Top of Given data
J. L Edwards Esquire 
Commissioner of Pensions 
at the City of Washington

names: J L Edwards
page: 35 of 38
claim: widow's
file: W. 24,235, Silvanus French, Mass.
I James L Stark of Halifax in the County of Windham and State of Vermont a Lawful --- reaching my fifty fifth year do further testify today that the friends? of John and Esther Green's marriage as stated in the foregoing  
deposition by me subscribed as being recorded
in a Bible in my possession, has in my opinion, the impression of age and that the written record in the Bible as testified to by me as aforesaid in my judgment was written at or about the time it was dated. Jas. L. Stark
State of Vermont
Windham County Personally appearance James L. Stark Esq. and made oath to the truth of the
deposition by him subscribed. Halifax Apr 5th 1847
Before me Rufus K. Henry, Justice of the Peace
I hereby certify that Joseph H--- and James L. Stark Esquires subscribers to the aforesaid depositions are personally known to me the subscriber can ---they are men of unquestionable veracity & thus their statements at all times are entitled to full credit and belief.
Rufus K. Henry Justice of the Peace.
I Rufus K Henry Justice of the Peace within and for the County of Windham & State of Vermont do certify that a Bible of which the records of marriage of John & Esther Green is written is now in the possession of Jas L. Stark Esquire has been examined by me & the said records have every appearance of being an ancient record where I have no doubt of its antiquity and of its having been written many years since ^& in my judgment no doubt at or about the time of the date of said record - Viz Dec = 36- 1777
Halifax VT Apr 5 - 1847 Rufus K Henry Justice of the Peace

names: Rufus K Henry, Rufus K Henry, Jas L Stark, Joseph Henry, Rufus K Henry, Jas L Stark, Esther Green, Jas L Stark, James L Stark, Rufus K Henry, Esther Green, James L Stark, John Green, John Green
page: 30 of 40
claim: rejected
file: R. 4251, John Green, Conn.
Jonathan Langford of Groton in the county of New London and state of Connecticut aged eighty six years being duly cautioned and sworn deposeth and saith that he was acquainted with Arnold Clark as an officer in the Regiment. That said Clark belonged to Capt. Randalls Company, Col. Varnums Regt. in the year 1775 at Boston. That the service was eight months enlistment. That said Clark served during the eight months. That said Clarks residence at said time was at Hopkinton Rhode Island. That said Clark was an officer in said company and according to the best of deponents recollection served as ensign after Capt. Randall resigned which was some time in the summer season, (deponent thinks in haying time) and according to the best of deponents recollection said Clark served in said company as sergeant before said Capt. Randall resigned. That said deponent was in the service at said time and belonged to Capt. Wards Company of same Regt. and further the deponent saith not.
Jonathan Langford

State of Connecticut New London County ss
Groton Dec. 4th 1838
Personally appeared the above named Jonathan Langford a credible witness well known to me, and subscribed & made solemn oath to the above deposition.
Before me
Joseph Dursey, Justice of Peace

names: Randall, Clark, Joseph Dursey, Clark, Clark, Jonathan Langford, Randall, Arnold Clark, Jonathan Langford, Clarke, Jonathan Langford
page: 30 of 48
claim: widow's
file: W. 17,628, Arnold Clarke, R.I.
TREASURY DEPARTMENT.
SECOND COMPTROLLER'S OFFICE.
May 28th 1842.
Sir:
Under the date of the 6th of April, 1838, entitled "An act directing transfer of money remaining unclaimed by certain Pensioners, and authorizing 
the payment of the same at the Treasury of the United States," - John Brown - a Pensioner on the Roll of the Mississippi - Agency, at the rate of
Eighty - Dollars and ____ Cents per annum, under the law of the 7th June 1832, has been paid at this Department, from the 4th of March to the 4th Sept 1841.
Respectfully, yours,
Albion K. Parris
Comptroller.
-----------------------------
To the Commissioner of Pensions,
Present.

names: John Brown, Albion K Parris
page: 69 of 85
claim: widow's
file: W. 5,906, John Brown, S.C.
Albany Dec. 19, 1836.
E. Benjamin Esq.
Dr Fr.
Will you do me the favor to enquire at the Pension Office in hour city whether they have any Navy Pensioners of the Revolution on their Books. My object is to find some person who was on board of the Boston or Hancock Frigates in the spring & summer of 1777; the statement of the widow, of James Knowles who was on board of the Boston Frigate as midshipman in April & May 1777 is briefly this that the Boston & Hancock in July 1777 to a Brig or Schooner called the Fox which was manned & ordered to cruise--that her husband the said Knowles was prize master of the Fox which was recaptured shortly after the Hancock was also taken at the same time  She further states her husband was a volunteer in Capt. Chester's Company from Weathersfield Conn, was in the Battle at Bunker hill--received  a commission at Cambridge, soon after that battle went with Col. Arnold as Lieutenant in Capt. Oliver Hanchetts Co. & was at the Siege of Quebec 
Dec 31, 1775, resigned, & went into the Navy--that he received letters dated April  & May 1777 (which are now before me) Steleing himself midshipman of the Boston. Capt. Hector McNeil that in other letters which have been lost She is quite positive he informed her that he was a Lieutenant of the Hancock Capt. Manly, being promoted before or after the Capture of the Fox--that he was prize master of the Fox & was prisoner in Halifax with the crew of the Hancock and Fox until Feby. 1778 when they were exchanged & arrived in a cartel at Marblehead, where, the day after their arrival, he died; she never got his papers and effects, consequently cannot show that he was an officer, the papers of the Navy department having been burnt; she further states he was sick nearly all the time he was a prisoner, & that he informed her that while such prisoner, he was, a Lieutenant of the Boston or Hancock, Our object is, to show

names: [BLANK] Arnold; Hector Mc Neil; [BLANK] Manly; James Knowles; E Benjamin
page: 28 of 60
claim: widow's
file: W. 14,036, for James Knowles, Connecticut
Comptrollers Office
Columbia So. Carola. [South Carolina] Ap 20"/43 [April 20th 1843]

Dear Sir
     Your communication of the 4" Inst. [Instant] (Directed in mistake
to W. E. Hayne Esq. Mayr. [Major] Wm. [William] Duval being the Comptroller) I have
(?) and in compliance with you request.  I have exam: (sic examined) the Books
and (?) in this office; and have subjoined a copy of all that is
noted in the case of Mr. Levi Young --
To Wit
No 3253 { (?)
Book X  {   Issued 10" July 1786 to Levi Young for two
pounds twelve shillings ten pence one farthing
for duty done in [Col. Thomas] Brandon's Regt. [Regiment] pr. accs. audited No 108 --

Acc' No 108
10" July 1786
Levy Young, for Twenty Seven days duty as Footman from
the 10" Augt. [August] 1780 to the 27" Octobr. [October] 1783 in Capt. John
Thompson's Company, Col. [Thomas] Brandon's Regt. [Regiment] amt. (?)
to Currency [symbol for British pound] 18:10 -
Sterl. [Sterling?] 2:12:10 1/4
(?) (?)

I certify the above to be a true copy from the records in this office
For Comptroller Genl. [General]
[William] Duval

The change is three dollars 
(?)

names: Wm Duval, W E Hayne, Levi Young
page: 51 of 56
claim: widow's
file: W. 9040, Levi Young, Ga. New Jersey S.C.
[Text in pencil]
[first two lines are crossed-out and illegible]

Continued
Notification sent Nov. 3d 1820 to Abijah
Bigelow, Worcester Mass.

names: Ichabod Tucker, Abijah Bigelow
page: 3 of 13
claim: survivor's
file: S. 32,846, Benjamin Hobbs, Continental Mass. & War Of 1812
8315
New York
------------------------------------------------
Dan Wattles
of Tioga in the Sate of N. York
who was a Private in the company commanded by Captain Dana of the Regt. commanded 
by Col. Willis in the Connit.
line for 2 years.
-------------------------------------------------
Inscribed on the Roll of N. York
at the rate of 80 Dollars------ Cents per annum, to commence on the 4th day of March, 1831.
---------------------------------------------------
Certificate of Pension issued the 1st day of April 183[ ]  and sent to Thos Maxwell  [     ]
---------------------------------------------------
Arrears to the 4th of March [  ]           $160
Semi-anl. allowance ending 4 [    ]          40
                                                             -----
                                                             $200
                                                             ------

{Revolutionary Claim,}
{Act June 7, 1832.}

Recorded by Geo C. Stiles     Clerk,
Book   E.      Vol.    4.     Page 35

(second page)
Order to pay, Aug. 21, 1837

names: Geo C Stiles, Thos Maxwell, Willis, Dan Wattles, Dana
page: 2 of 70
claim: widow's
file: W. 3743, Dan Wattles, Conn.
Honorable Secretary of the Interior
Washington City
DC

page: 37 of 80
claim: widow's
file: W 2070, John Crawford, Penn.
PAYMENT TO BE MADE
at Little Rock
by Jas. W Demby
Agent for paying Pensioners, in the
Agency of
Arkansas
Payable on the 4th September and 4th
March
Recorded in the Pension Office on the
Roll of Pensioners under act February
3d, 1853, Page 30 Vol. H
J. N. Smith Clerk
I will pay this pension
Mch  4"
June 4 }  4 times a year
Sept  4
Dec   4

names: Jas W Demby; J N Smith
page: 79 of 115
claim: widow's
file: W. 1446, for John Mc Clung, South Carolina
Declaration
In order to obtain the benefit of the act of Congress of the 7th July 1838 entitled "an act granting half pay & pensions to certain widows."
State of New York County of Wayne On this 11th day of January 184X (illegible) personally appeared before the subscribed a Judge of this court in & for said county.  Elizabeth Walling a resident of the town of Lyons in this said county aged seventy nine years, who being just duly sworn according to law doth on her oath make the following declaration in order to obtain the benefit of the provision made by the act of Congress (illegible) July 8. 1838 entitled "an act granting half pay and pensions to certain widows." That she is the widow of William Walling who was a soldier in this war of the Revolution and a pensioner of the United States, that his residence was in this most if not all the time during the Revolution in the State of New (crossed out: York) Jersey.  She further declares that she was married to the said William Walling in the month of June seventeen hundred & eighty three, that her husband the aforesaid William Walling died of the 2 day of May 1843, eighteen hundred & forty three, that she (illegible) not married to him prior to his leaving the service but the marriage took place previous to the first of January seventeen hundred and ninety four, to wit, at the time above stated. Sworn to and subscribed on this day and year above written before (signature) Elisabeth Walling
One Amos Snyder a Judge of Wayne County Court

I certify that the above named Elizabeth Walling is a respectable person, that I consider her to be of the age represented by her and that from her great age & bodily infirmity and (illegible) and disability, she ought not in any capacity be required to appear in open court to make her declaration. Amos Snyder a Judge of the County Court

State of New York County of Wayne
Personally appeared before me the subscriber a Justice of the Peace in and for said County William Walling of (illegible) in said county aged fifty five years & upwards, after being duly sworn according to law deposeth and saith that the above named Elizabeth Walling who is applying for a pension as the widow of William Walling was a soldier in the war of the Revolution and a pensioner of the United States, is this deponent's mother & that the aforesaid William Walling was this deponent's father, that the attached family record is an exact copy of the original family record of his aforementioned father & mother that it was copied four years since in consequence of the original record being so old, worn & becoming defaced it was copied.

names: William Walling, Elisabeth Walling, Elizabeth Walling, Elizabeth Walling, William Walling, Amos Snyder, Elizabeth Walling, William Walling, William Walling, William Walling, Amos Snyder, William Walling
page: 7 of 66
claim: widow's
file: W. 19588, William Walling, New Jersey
Bottom of Given data
Give back, verbatim, the lines from the top of the entries above through the line containing "deposition by me subscribed as being recorded".

J. L Edwards Esquire 
Commissioner of Pensions 
at the City of Washington

names: J L Edwards
page: 35 of 38
claim: widow's
file: W. 24,235, Silvanus French, Mass.
I James L Stark of Halifax in the County of Windham and State of Vermont a Lawful --- reaching my fifty fifth year do further testify today that the friends? of John and Esther Green's marriage as stated in the foregoing  
deposition by me subscribed as being recorded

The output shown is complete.